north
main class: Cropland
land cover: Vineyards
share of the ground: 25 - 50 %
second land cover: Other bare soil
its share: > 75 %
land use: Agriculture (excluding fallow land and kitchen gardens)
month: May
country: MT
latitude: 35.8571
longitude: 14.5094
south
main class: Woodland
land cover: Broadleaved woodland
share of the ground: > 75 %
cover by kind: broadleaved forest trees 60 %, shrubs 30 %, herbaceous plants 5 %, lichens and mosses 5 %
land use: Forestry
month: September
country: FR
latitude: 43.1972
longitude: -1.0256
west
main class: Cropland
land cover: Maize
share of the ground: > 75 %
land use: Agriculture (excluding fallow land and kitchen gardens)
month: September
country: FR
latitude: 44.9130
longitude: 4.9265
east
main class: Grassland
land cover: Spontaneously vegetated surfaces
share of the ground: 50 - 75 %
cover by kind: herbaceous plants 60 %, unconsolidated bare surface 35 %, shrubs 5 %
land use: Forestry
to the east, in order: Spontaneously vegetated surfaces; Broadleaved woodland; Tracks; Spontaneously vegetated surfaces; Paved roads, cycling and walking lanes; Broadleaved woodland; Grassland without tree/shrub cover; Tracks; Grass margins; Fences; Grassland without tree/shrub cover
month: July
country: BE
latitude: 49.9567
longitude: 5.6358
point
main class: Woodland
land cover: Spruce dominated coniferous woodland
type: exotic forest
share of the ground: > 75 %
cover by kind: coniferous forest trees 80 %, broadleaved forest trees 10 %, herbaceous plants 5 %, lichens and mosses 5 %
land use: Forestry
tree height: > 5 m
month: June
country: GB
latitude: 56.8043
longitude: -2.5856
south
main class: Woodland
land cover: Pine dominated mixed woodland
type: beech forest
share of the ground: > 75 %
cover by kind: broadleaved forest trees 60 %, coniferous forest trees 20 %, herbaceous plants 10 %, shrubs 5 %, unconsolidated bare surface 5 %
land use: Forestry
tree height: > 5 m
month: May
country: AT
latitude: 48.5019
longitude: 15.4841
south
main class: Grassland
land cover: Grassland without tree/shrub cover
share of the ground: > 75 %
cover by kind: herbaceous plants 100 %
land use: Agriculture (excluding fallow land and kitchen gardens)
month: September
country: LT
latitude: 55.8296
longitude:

Exercise brief:
Beginning from the line that contains "longitude: 15.4841", give each line again exactly, through the final line of the records.

Response:
longitude: 15.4841
south
main class: Grassland
land cover: Grassland without tree/shrub cover
share of the ground: > 75 %
cover by kind: herbaceous plants 100 %
land use: Agriculture (excluding fallow land and kitchen gardens)
month: September
country: LT
latitude: 55.8296
longitude:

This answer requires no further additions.